● **PROBLEM TO WORK ON**
Word for word, reproduce all entries below, leaving every picture out.

● **GIVEN ENTRIES**
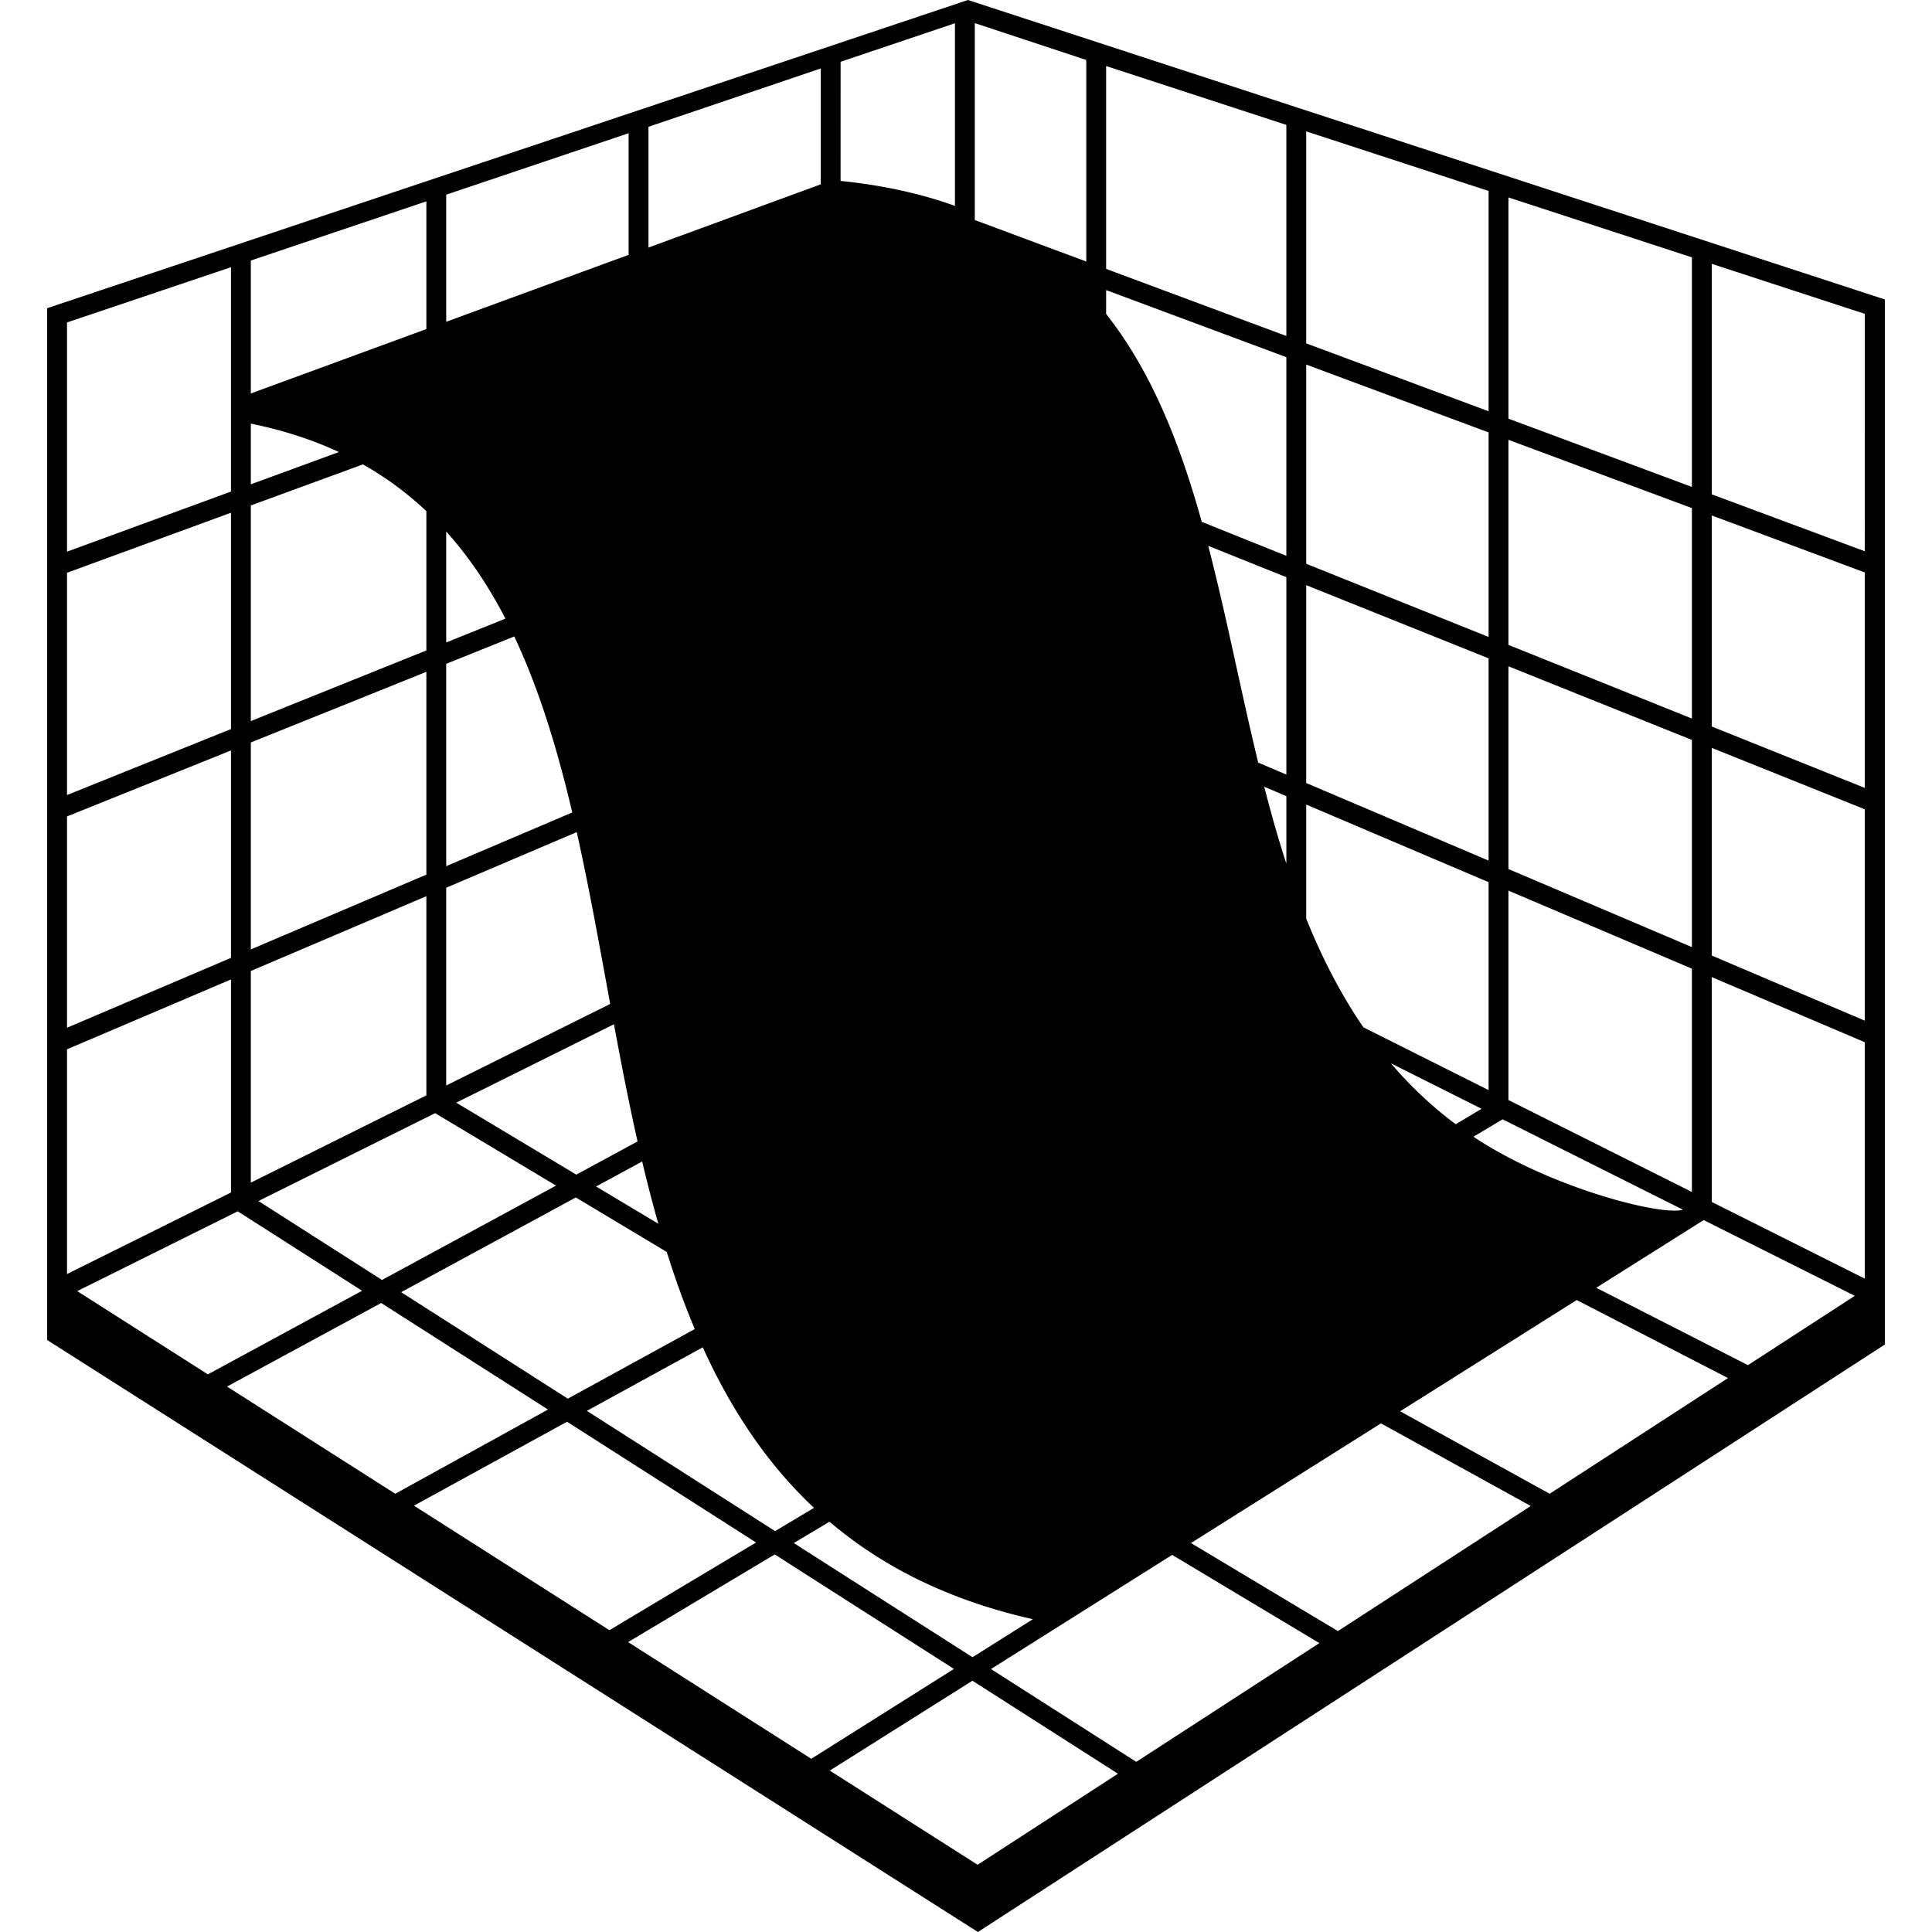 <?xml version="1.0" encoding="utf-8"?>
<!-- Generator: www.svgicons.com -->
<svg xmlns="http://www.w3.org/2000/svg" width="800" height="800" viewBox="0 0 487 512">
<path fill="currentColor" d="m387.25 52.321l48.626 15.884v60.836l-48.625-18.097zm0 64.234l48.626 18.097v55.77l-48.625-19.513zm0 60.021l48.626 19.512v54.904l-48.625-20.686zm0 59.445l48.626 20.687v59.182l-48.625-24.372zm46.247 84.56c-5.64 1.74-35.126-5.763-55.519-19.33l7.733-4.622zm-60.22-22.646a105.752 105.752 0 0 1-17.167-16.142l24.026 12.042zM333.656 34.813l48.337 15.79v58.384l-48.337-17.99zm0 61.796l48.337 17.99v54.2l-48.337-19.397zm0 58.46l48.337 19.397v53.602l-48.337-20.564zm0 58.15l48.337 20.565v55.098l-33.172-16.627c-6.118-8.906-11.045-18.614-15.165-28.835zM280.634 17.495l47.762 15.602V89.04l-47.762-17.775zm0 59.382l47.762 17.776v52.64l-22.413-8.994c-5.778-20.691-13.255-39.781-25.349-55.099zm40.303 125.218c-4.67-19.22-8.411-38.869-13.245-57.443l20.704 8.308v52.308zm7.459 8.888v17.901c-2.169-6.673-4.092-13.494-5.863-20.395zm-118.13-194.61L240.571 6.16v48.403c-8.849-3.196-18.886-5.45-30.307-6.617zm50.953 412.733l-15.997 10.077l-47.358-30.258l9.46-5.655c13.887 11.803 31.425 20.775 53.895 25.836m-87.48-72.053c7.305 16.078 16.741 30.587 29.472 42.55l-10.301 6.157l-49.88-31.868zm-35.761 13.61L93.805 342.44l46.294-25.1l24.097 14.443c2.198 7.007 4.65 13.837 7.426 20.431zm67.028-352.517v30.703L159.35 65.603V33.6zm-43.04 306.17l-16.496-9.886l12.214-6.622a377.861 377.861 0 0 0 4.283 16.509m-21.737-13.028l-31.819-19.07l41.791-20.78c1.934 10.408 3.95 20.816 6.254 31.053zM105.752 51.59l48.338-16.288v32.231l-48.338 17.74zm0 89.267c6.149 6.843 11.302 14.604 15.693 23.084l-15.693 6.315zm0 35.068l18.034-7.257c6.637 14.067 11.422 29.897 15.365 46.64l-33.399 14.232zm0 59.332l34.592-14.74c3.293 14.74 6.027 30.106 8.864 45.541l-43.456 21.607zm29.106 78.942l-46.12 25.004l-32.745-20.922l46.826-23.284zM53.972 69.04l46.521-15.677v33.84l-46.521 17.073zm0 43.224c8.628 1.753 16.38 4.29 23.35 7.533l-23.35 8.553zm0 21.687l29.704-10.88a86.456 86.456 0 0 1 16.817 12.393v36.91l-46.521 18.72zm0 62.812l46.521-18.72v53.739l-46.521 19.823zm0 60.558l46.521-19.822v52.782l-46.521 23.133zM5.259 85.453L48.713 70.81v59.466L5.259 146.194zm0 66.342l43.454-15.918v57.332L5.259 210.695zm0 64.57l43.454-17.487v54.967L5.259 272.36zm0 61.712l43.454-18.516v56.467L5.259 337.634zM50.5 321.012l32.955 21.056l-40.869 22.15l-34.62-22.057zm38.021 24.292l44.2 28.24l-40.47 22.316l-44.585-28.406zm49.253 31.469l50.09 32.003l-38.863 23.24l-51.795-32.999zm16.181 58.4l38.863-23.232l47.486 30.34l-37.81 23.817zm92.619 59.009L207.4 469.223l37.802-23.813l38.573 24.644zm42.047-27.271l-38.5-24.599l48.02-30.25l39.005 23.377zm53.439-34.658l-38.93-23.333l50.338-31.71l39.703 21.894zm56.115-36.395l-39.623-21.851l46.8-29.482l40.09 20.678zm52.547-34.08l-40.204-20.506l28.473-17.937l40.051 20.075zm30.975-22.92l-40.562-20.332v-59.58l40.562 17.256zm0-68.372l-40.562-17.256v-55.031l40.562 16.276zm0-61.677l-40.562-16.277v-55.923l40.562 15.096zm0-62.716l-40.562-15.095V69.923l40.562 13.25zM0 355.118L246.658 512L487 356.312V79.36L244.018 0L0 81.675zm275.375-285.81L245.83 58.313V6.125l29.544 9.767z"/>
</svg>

● **TASK RESPONSE**
 <?xml version="1.0" encoding="utf-8"?>
<!-- Generator: www.svgicons.com -->
<svg xmlns="http://www.w3.org/2000/svg" width="800" height="800" viewBox="0 0 487 512">
<path fill="currentColor" d="m387.25 52.321l48.626 15.884v60.836l-48.625-18.097zm0 64.234l48.626 18.097v55.77l-48.625-19.513zm0 60.021l48.626 19.512v54.904l-48.625-20.686zm0 59.445l48.626 20.687v59.182l-48.625-24.372zm46.247 84.56c-5.64 1.74-35.126-5.763-55.519-19.33l7.733-4.622zm-60.22-22.646a105.752 105.752 0 0 1-17.167-16.142l24.026 12.042zM333.656 34.813l48.337 15.79v58.384l-48.337-17.99zm0 61.796l48.337 17.99v54.2l-48.337-19.397zm0 58.46l48.337 19.397v53.602l-48.337-20.564zm0 58.15l48.337 20.565v55.098l-33.172-16.627c-6.118-8.906-11.045-18.614-15.165-28.835zM280.634 17.495l47.762 15.602V89.04l-47.762-17.775zm0 59.382l47.762 17.776v52.64l-22.413-8.994c-5.778-20.691-13.255-39.781-25.349-55.099zm40.303 125.218c-4.67-19.22-8.411-38.869-13.245-57.443l20.704 8.308v52.308zm7.459 8.888v17.901c-2.169-6.673-4.092-13.494-5.863-20.395zm-118.13-194.61L240.571 6.16v48.403c-8.849-3.196-18.886-5.45-30.307-6.617zm50.953 412.733l-15.997 10.077l-47.358-30.258l9.46-5.655c13.887 11.803 31.425 20.775 53.895 25.836m-87.48-72.053c7.305 16.078 16.741 30.587 29.472 42.55l-10.301 6.157l-49.88-31.868zm-35.761 13.61L93.805 342.44l46.294-25.1l24.097 14.443c2.198 7.007 4.65 13.837 7.426 20.431zm67.028-352.517v30.703L159.35 65.603V33.6zm-43.04 306.17l-16.496-9.886l12.214-6.622a377.861 377.861 0 0 0 4.283 16.509m-21.737-13.028l-31.819-19.07l41.791-20.78c1.934 10.408 3.95 20.816 6.254 31.053zM105.752 51.59l48.338-16.288v32.231l-48.338 17.74zm0 89.267c6.149 6.843 11.302 14.604 15.693 23.084l-15.693 6.315zm0 35.068l18.034-7.257c6.637 14.067 11.422 29.897 15.365 46.64l-33.399 14.232zm0 59.332l34.592-14.74c3.293 14.74 6.027 30.106 8.864 45.541l-43.456 21.607zm29.106 78.942l-46.12 25.004l-32.745-20.922l46.826-23.284zM53.972 69.04l46.521-15.677v33.84l-46.521 17.073zm0 43.224c8.628 1.753 16.38 4.29 23.35 7.533l-23.35 8.553zm0 21.687l29.704-10.88a86.456 86.456 0 0 1 16.817 12.393v36.91l-46.521 18.72zm0 62.812l46.521-18.72v53.739l-46.521 19.823zm0 60.558l46.521-19.822v52.782l-46.521 23.133zM5.259 85.453L48.713 70.81v59.466L5.259 146.194zm0 66.342l43.454-15.918v57.332L5.259 210.695zm0 64.57l43.454-17.487v54.967L5.259 272.36zm0 61.712l43.454-18.516v56.467L5.259 337.634zM50.5 321.012l32.955 21.056l-40.869 22.15l-34.62-22.057zm38.021 24.292l44.2 28.24l-40.47 22.316l-44.585-28.406zm49.253 31.469l50.09 32.003l-38.863 23.24l-51.795-32.999zm16.181 58.4l38.863-23.232l47.486 30.34l-37.81 23.817zm92.619 59.009L207.4 469.223l37.802-23.813l38.573 24.644zm42.047-27.271l-38.5-24.599l48.02-30.25l39.005 23.377zm53.439-34.658l-38.93-23.333l50.338-31.71l39.703 21.894zm56.115-36.395l-39.623-21.851l46.8-29.482l40.09 20.678zm52.547-34.08l-40.204-20.506l28.473-17.937l40.051 20.075zm30.975-22.92l-40.562-20.332v-59.58l40.562 17.256zm0-68.372l-40.562-17.256v-55.031l40.562 16.276zm0-61.677l-40.562-16.277v-55.923l40.562 15.096zm0-62.716l-40.562-15.095V69.923l40.562 13.25zM0 355.118L246.658 512L487 356.312V79.36L244.018 0L0 81.675zm275.375-285.81L245.83 58.313V6.125l29.544 9.767z"/>
</svg>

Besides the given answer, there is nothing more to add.